Biografia

Trailokyanath Chakravarty: Ativista da Independência e Político

Pontos principais

  • Passou cerca de 30 anos de sua vida em prisões britânicas e paquistanesas.
  • Foi líder da Dhaka Anushilan Samiti e membro do Hindustan Republican Army.
  • Eleito membro da Assembleia Provincial do Paquistão Oriental em 1954.
  • Teve a trajetória marcada por prisões em locais como a Prisão Celular nas Ilhas Andaman e Mandalay, na Birmânia.

Trailokyanath Chakravarty (2 de agosto de 1889 – 9 de agosto de 1970) foi um proeminente ativista da independência da Índia Britânica e, posteriormente, político no Paquistão Oriental (atual Bangladesh). Sua trajetória foi marcada por um compromisso rigoroso com a libertação nacional, tendo passado aproximadamente 30 anos de sua vida em diversas prisões sob o domínio colonial britânico e, mais tarde, sob a administração paquistanesa.
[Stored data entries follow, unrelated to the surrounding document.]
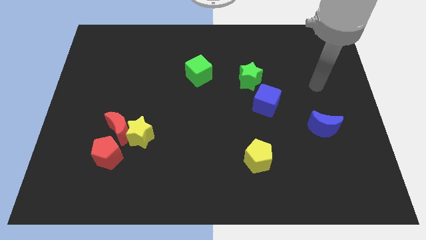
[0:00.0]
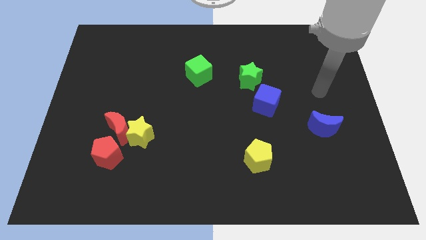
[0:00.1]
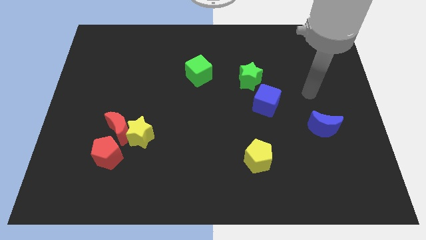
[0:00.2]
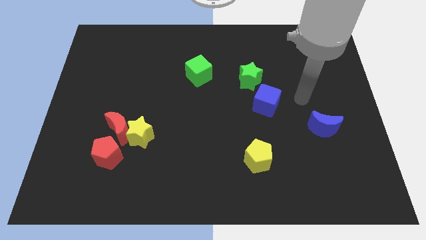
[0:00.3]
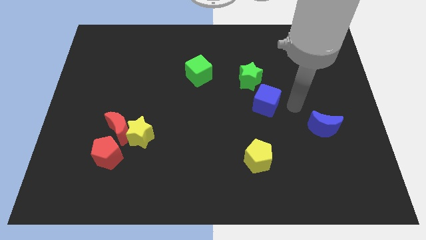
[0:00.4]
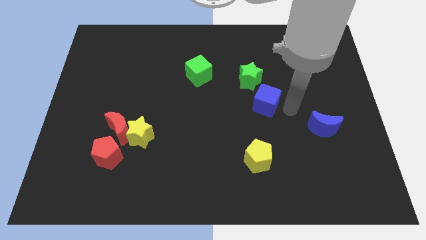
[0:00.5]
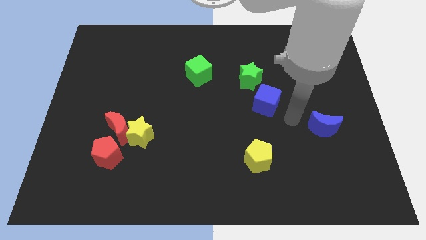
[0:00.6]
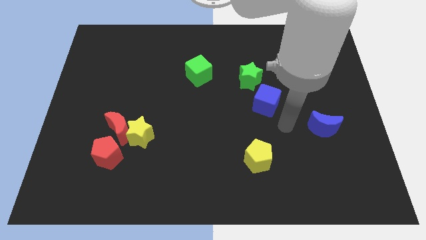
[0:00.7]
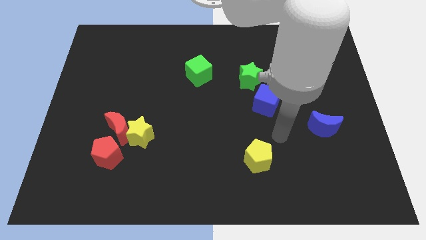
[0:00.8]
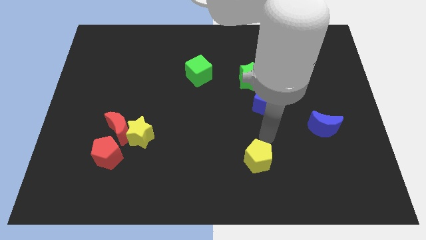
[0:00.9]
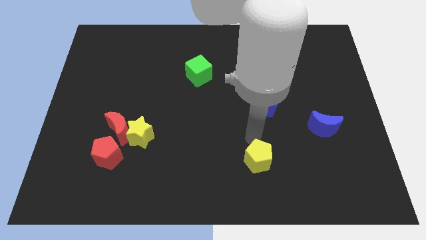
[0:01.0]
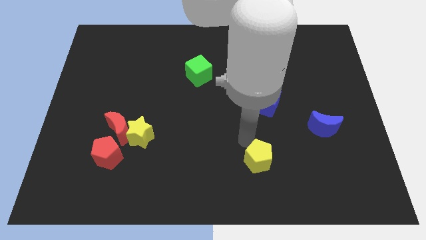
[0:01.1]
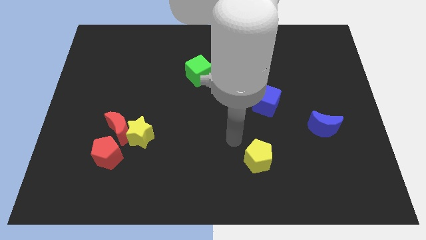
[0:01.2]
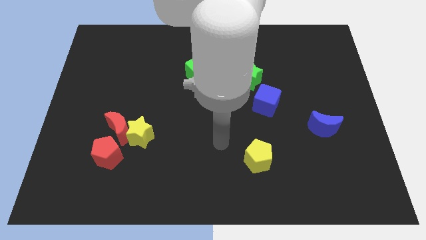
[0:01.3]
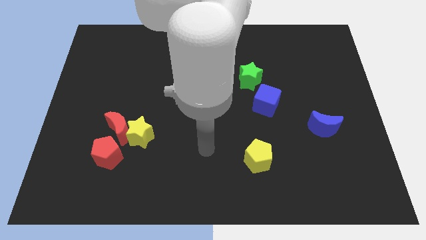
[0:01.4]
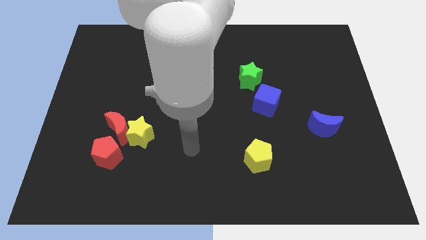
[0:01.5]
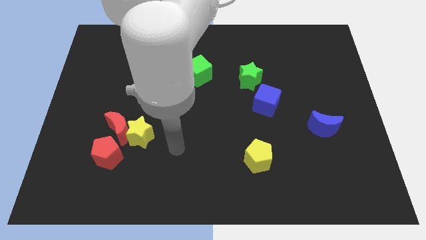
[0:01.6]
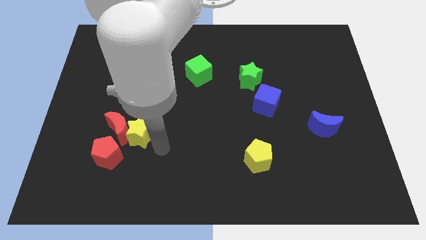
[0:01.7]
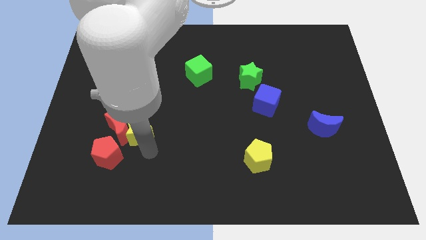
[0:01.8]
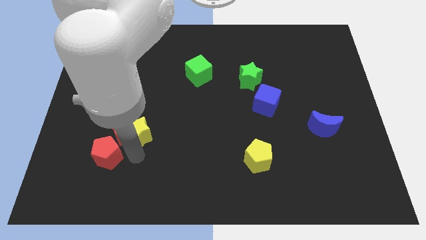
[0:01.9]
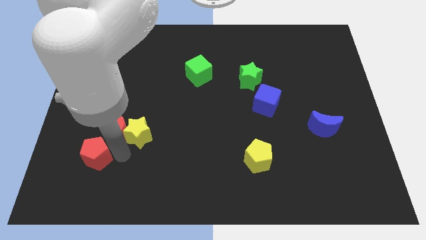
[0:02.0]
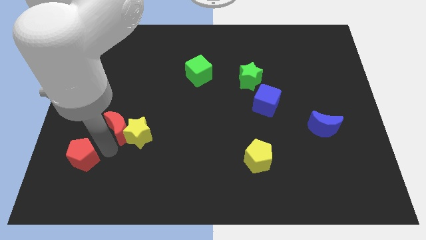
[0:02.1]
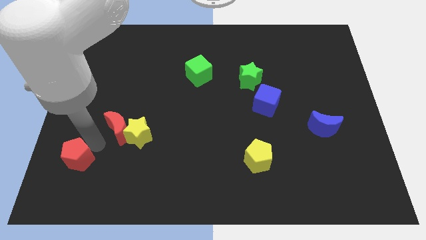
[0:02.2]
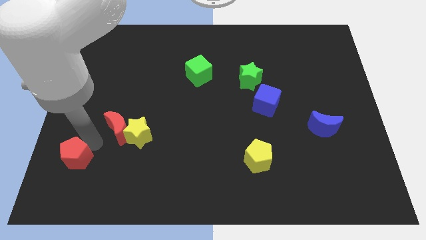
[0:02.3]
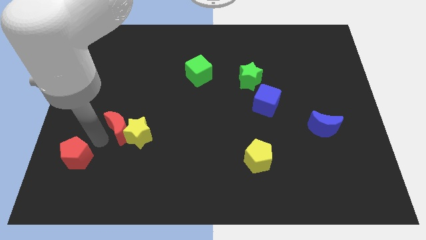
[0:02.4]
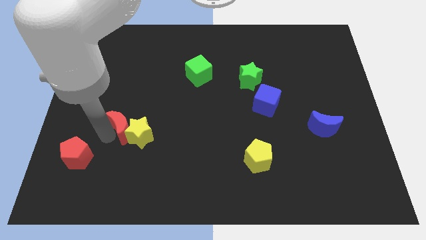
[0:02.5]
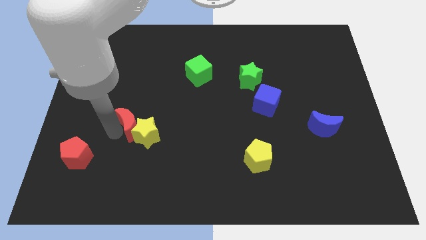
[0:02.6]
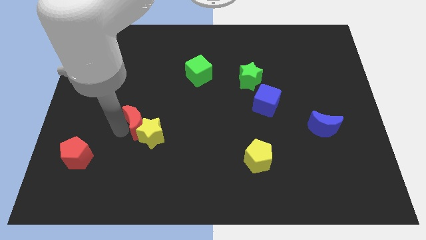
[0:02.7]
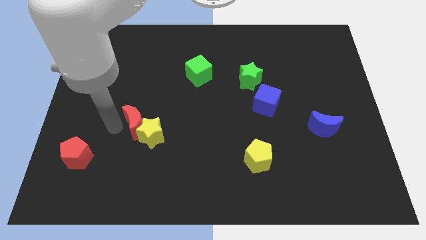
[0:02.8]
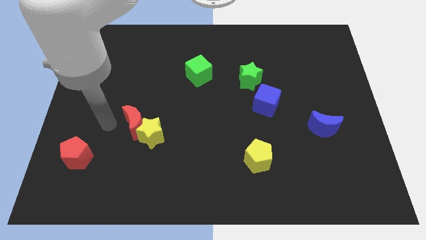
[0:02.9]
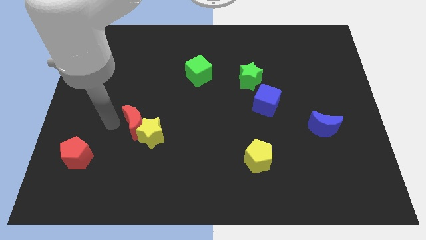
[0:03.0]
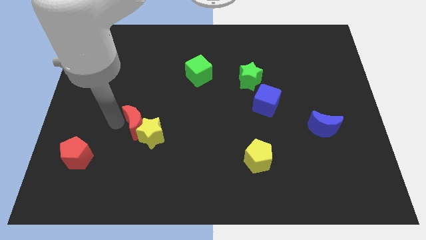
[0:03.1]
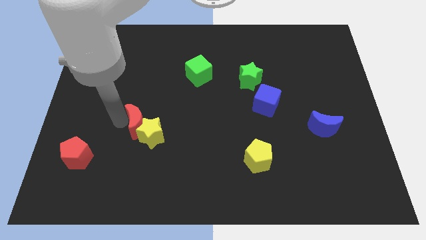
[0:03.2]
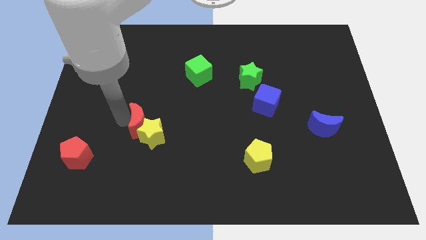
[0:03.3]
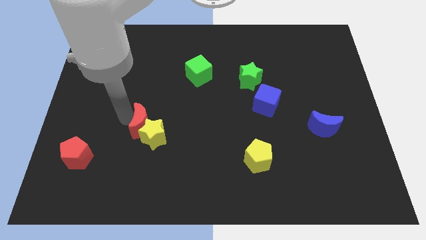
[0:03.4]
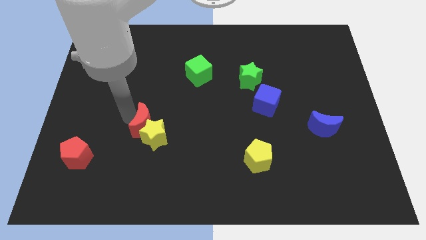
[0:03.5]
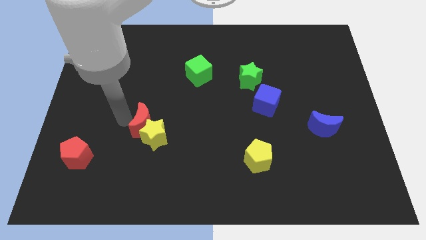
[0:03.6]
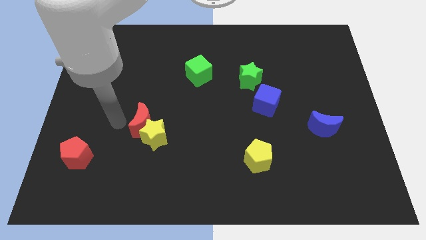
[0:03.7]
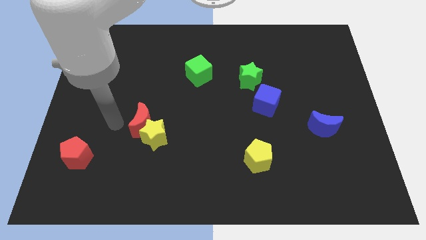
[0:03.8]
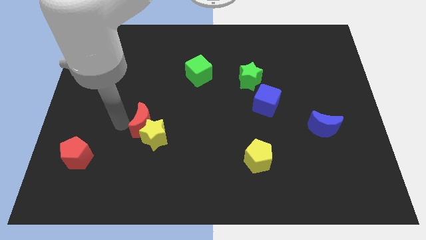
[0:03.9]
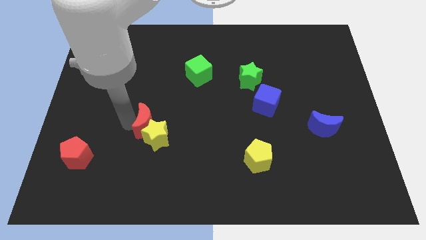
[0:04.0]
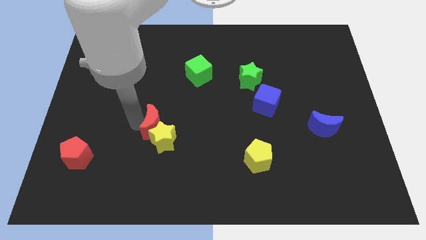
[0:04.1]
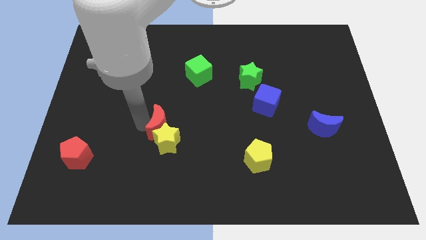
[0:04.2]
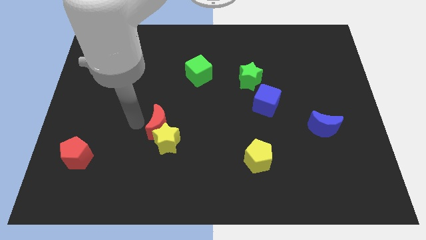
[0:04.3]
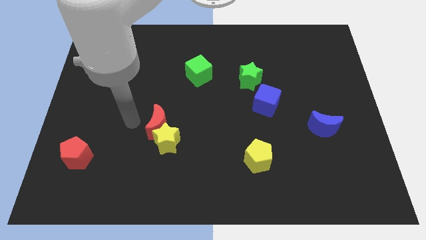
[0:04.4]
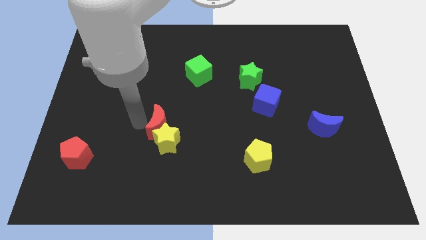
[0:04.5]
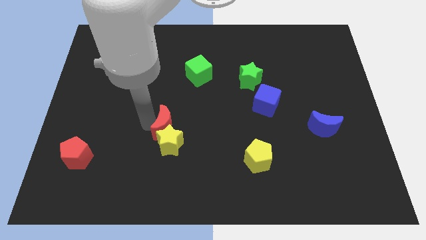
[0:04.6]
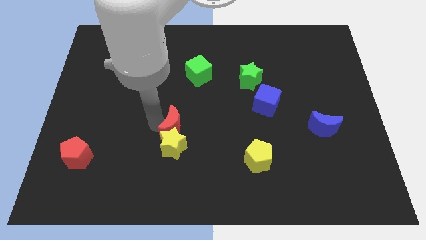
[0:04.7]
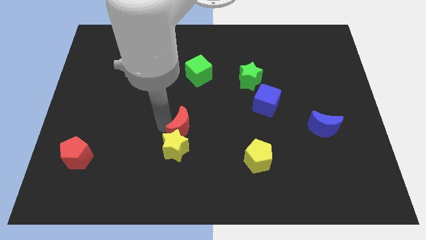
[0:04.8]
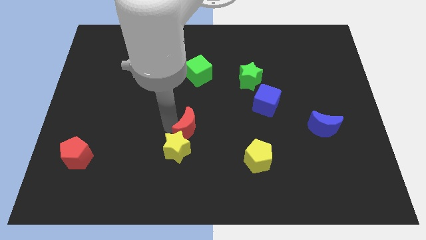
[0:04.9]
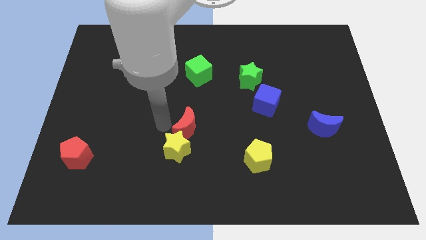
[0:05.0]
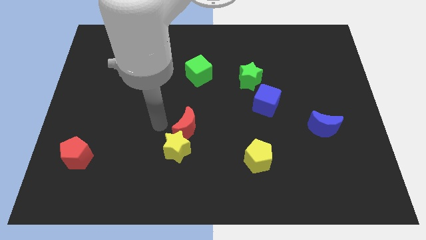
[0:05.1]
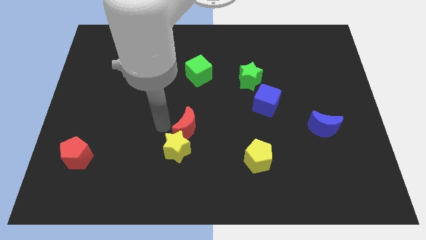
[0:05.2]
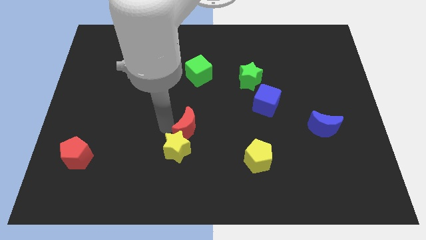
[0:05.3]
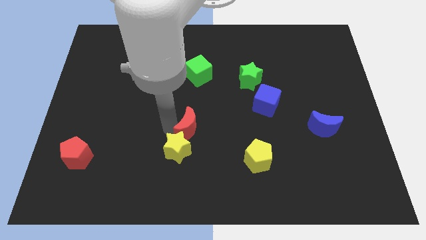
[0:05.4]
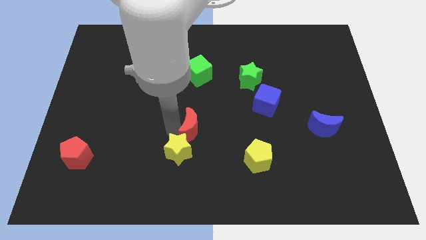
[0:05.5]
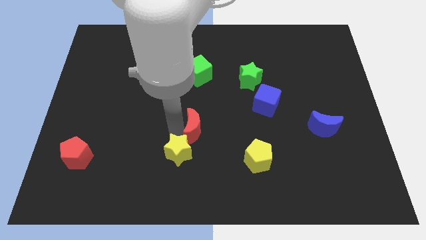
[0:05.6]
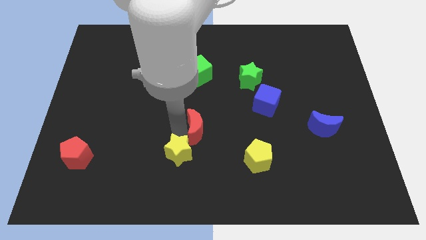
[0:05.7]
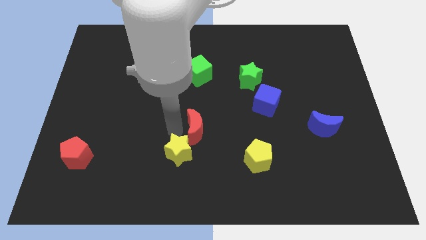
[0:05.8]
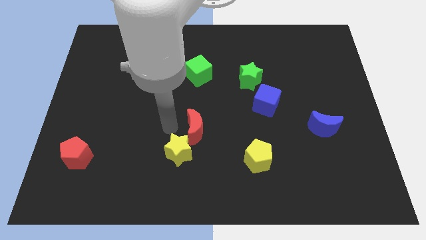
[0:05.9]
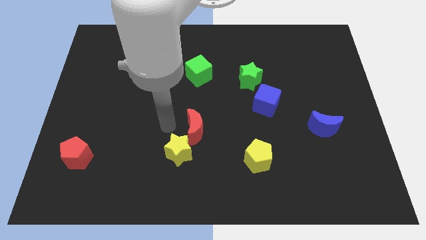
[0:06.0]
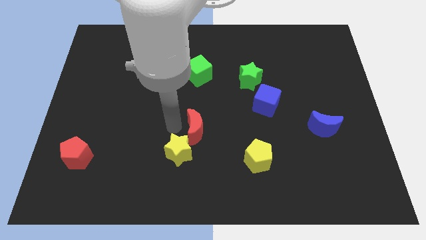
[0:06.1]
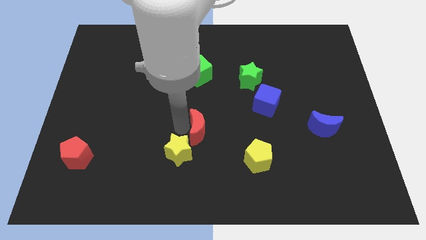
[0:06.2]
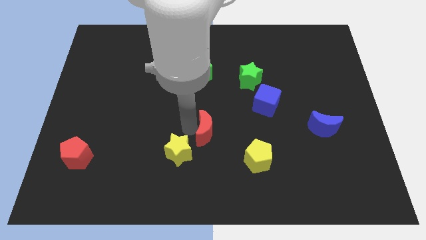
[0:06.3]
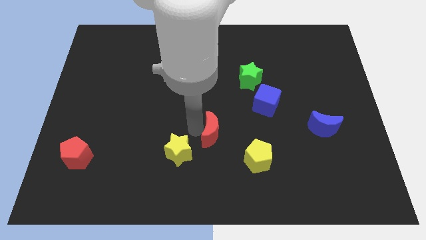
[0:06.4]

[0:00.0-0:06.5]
move the red moon right

Retrato de Trailokyanath Chakravarty
Trailokyanath Chakravarty, figura central nos movimentos revolucionários de Bengala.
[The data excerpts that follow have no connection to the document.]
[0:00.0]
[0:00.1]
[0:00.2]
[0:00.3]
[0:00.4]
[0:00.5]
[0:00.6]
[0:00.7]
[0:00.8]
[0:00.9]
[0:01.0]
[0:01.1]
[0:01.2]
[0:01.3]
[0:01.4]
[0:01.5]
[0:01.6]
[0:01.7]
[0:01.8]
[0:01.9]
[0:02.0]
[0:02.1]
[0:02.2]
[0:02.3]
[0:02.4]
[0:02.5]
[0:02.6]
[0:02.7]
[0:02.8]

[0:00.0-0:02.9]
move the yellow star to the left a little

Início da Vida e Atividade Revolucionária

Nascido em 1889 em Kapasiatia, no distrito de Mymensingh (atual Bangladesh), Chakravarty ingressou na luta pela independência em 1906, aos 17 anos. Ele tornou-se um líder da Dhaka Anushilan Samiti, uma organização secreta revolucionária. Sua primeira prisão ocorreu em 1908, o que interrompeu seus estudos formais; no entanto, ele adquiriu fluência em inglês e em diversas línguas indianas, muitas delas aprendidas durante seus períodos de encarceramento.

Em 1912, foi detido sob acusação de homicídio, mas foi libertado por falta de provas. Em 1914, foi preso novamente em Calcutá devido a atividades clandestinas em Rajshahi, Comilla e Malda. Chakravarty foi um dos principais acusados no Caso da Conspiração de Barisal de 1913, resultando em sua condenação e deportação para as Ilhas Andaman, onde foi detido na temida Prisão Celular.

Trajetória na Luta pela Liberdade

Após cumprir sua sentença, retornou a Calcutá, onde assumiu a direção da Escola Nacional. Em 1927, foi preso novamente e enviado para a prisão de Mandalay, na Birmânia. Após sua libertação em 1928, integrou o Hindustan Republican Army e participou da sessão de Lahore do Congresso Nacional Indiano em 1929.

Entre 1930 e 1938, permaneceu encarcerado. Após a libertação, participou da sessão de Ramgarh do Congresso Nacional Indiano. Durante a Segunda Guerra Mundial, tentou incitar uma rebelião no Exército Indiano Britânico, embora a tentativa não tenha prosperado. Participou ativamente do Movimento Quit India em 1942, sendo preso novamente e libertado apenas em 1946, período em que se dedicou a atividades organizacionais no distrito de Noakhali.

Carreira Política e Legado

Com a partição da Índia em 1947, Chakravarty permaneceu no Paquistão Oriental. Fundou o Partido Socialista do Paquistão e foi eleito membro da Assembleia Provincial em 1954, como indicado pela Frente Unida. Contudo, a imposição da lei marcial em 1958 restringiu severamente suas atividades políticas e sociais, levando-o ao autoexílio em sua aldeia natal.

Durante seus últimos anos, escreveu memórias sobre a política contemporânea, incluindo as obras Jele Trish Bachhar e Pak-Bharater Swadhinata Sangram, além de Geetai Swaraj. Faleceu em 9 de agosto de 1970, em Deli, na residência de seu antigo associado Surendra Mohan Ghose. Sua morte foi honrada com um minuto de silêncio na Lok Sabha, a câmara baixa do Parlamento Indiano.

Homenagens

Em reconhecimento à sua luta, a Brabourne Road, em BBD Bagh, Calcutá, foi renomeada como Biplabi Trailokya Maharaj Sarani.

Perguntas frequentes

Quem foi Trailokyanath Chakravarty?

Foi um ativista da independência da Índia Britânica e, posteriormente, político no Paquistão Oriental (atual Bangladesh), conhecido por ter passado 30 anos preso por suas atividades revolucionárias.

Qual foi o papel de Chakravarty na Dhaka Anushilan Samiti?

Ele foi um dos líderes da organização, ingressando na luta revolucionária ainda jovem, aos 17 anos, em 1906.

Quais obras escreveu Trailokyanath Chakravarty?

Ele escreveu as memórias 'Jele Trish Bachhar' e 'Pak-Bharater Swadhinata Sangram', além da obra 'Geetai Swaraj'.